_Task directions:_ Wherever a line of the data contains "condensed", copy that line.

_Task input:_
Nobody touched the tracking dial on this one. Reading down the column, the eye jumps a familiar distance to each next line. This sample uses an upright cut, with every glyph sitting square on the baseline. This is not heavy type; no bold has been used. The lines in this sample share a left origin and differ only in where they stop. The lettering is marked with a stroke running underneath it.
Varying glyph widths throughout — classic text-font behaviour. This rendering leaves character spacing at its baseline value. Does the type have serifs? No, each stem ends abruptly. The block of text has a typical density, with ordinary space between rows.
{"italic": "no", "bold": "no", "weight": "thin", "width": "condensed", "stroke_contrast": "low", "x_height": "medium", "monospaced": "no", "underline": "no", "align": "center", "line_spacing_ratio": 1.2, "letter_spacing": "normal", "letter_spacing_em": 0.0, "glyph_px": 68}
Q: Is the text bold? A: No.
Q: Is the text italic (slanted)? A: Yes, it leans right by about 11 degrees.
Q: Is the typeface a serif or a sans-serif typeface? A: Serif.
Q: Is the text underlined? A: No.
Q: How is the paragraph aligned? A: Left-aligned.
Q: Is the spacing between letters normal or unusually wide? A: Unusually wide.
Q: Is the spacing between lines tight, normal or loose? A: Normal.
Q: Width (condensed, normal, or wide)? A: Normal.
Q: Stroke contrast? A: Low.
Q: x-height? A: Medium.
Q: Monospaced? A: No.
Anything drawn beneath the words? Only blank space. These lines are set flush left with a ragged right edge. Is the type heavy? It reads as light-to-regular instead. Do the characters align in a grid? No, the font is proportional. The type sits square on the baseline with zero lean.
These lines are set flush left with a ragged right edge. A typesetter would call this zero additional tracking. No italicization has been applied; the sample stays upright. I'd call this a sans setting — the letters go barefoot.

_Task result:_
{"italic": "no", "bold": "no", "weight": "thin", "width": "condensed", "stroke_contrast": "low", "x_height": "medium", "monospaced": "no", "underline": "no", "align": "center", "line_spacing_ratio": 1.2, "letter_spacing": "normal", "letter_spacing_em": 0.0, "glyph_px": 68}
Q: Width (condensed, normal, or wide)? A: Normal.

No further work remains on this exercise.